The origins of discalceation lie in Exodus 3:5, where God tells Moses: "Take off your sandals, for the place where you are standing is holy ground".

A separate custom in Biblical times of taking off only one shoe as part of a socially witnessed contract is referred to in Ruth 4:7 and Deuteronomy 25:9:

==History==
After the various modifications of the Rule of Saint Francis, the Observants (who existed as an independent branch of the Franciscan Order before 1897) adhered to the custom of going unshod. The Minim friars and Capuchins followed in this practice. The Discalced Franciscans of Spain (known as Alcantarines, who formed a distinct branch of the Franciscan Order before 1897) went without footwear of any kind. The followers of St. Clare of Assisi at first went barefoot, but later came to wear sandals and shoes.

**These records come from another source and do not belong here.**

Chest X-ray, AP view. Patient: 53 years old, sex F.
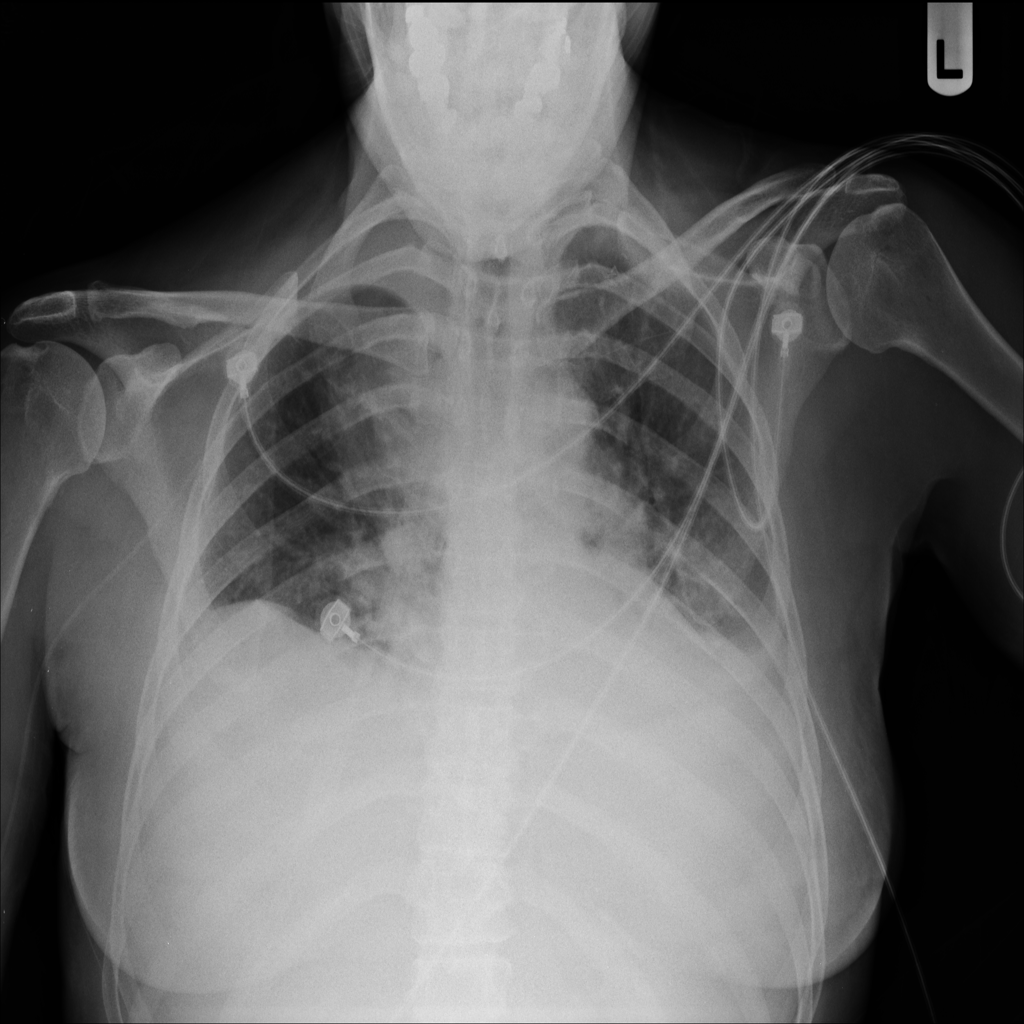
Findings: Consolidation, Effusion, Mass

The Colettine and Capuchin nuns returned to the use of sandals. Sandals were also adopted by the Camaldolese monks of the Congregation of Monte Corona (1522), the Maronite Catholic monks, the Poor Hermits of St. Jerome of the Congregation of Blessed Peter of Pisa, the Augustinians of Thomas of Jesus (1532), the Barefooted Servites (1593), the Discalced Carmelites (1568), the Feuillants (Cistercians, 1575), the Trinitarians (1594), the Discalced Mercedarians (1604), and the Passionists (1720).